### Assignment:
Starting at the line with "Character: 駟", return every line through the final one of the data, word for word. Pictures stay out.

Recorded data
===============
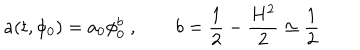
a ( t , \phi _ { 0 } ) = a _ { 0 } \phi _ { 0 } ^ { b } ~ , \qquad b = \frac { 1 } { 2 } - \frac { H ^ { 2 } } { 2 } \simeq \frac { 1 } { 2 }
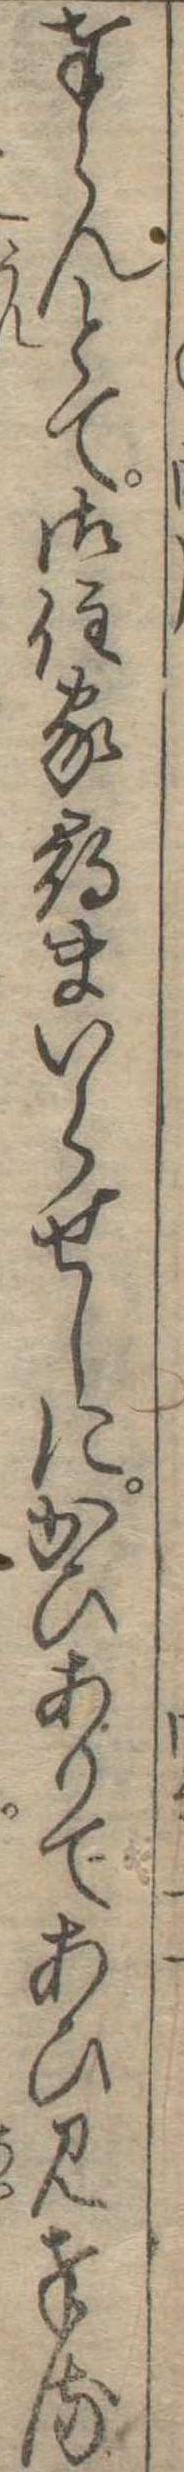
奉らんとて御住家尋まいらせしにかひありてあひ見奉る
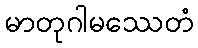
မာတုဂါမဿေတံ
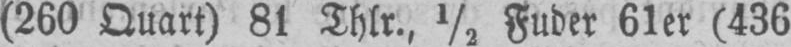
(260 Quart) 81 Thlr., ½ Fuder 61er (436
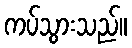
ကပ်သွားသည်။
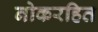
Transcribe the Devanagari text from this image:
नोकरहित
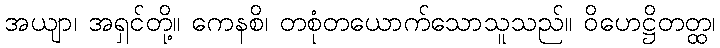
အယျာ၊ အရှင်တို့။ ကေနစိ၊ တစုံတယောက်သောသူသည်။ ဝိဟေဋ္ဌိတတ္ထ၊
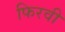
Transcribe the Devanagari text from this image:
फिरवी
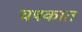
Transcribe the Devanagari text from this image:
चषकात
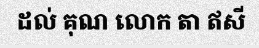
ដល់ គុណ លោក តា ឥសី
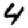
Digit: 4
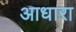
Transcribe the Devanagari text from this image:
आधारा
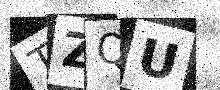
Text: TZQU
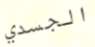
الجسدي
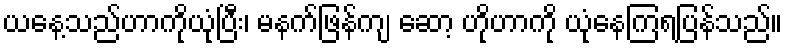
ယနေ့သည်ဟာကိုယုံပြီး၊ မနက်ဖြန်ကျ ဆော့ ဟိုဟာကို ယုံနေကြရပြန်သည်။
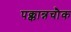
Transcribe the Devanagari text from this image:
पक्कान्नचौक
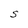
Character: S
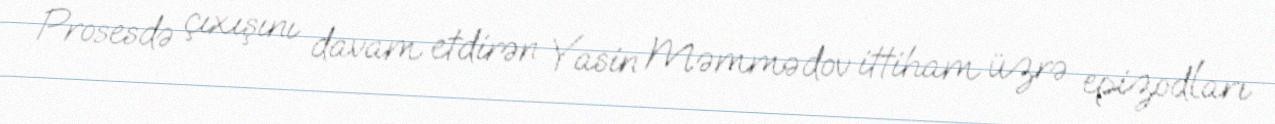
Prosesdə çıxışını davam etdirən Yasin Məmmədov ittiham üzrə epizodları
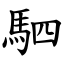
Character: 駟
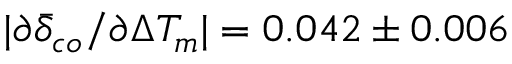
| \partial \bar { \delta } _ { c o } / \partial \Delta T _ { m } | = 0 . 0 4 2 \pm 0 . 0 0 6
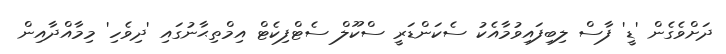
ދަށްވެގެން 'ޑީ' ފާސް ލިބިފައިވުމާއެކު ސެކަންޑަރީ ސްކޫލް ސެޓްފިކެޓް އިމްތިޙާނުގައި 'ދިވެހި' މިމާއްދާއިން
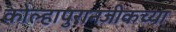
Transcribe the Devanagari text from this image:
कोल्हापुरानजीकच्या
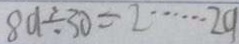
8 9 \div 3 0 = 2 \cdots 2 9
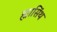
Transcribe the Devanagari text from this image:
ह्यासिंथ
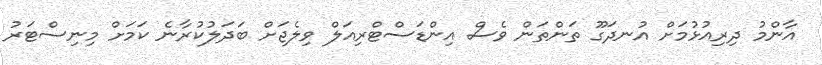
===============
### Output of the task:
Character: 駟
| \partial \bar { \delta } _ { c o } / \partial \Delta T _ { m } | = 0 . 0 4 2 \pm 0 . 0 0 6
ދަށްވެގެން 'ޑީ' ފާސް ލިބިފައިވުމާއެކު ސެކަންޑަރީ ސްކޫލް ސެޓްފިކެޓް އިމްތިޙާނުގައި 'ދިވެހި' މިމާއްދާއިން
Transcribe the Devanagari text from this image:
कोल्हापुरानजीकच्या
8 9 \div 3 0 = 2 \cdots 2 9
Transcribe the Devanagari text from this image:
ह्यासिंथ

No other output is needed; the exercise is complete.